2005-09-13 Thread Jim Meyering
Derek Price [EMAIL PROTECTED] wrote:
 I've installed the attached patch.  It is almost identical to my
 previous one, with a few extra portability and typo fixes.

 2005-09-12  Derek Price  [EMAIL PROTECTED]

 * modules/canon-host: Add canon-host.h.  Depend on getaddrinfo.  Make
 LGPL.
 * modules/getaddrinfo: Add link to opengroup spec.  Depend on strdup.

Thanks for doing all of that.

There is one small problem.
When strdup returns NULL, canon_host_r
returns NULL without setting *cherror.
Shouldn't that be fixed?

I've checked in these cosmetic changes:

That file was using an indentation style different from the style
used in nearly every other source file.  I ran it through GNU indent.

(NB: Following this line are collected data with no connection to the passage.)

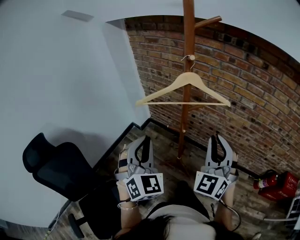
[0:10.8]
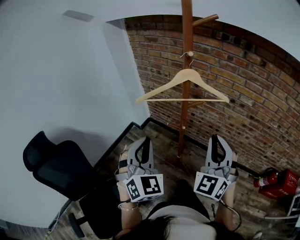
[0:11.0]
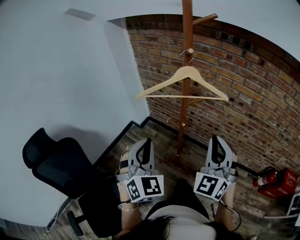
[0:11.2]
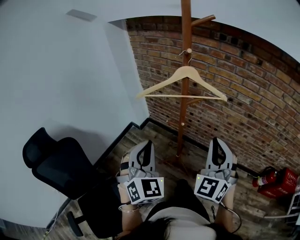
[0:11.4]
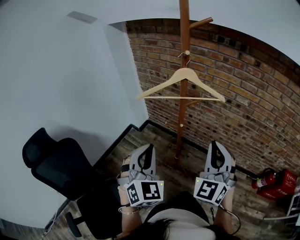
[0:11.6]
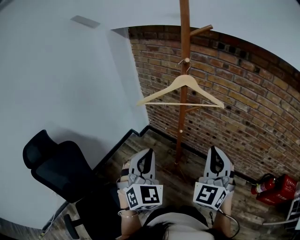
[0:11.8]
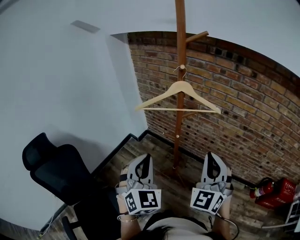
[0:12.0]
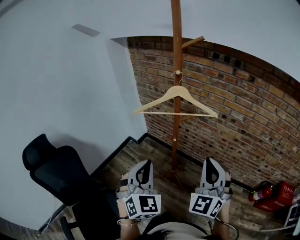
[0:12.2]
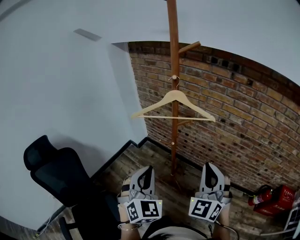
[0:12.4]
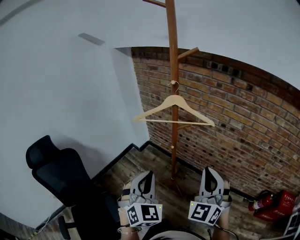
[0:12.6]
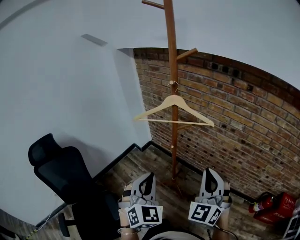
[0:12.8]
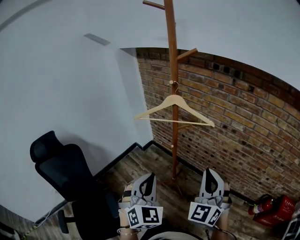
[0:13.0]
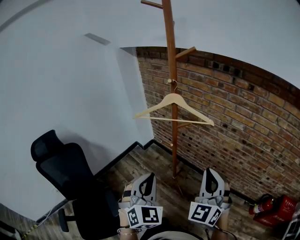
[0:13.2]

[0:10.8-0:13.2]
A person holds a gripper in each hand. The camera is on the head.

Finally, we prefer to use an active voice (rather than passive voice)
in comments.  So I changed this:

/* Returns a malloc'd string containing the canonical hostname associated with
   HOST, or NULL if a canonical name cannot be determined.  On NULL return, if
   CHERROR is not NULL, *CHERROR will be set to an error code as returned by
   getaddrinfo().  Error codes from CHERROR may be converted to a string
   suitable for error messages by ch_strerror_r() or gai_strerror().

to this:

/* Return a malloc'd string containing the canonical hostname associated with
   HOST, or NULL if a canonical name cannot be determined.  On NULL return,
   if CHERROR is not NULL, set *CHERROR to an error code as returned by
   getaddrinfo().  Use ch_strerror_r() or gai_strerror() to convert a *CHERROR
   value to a string suitable for error messages.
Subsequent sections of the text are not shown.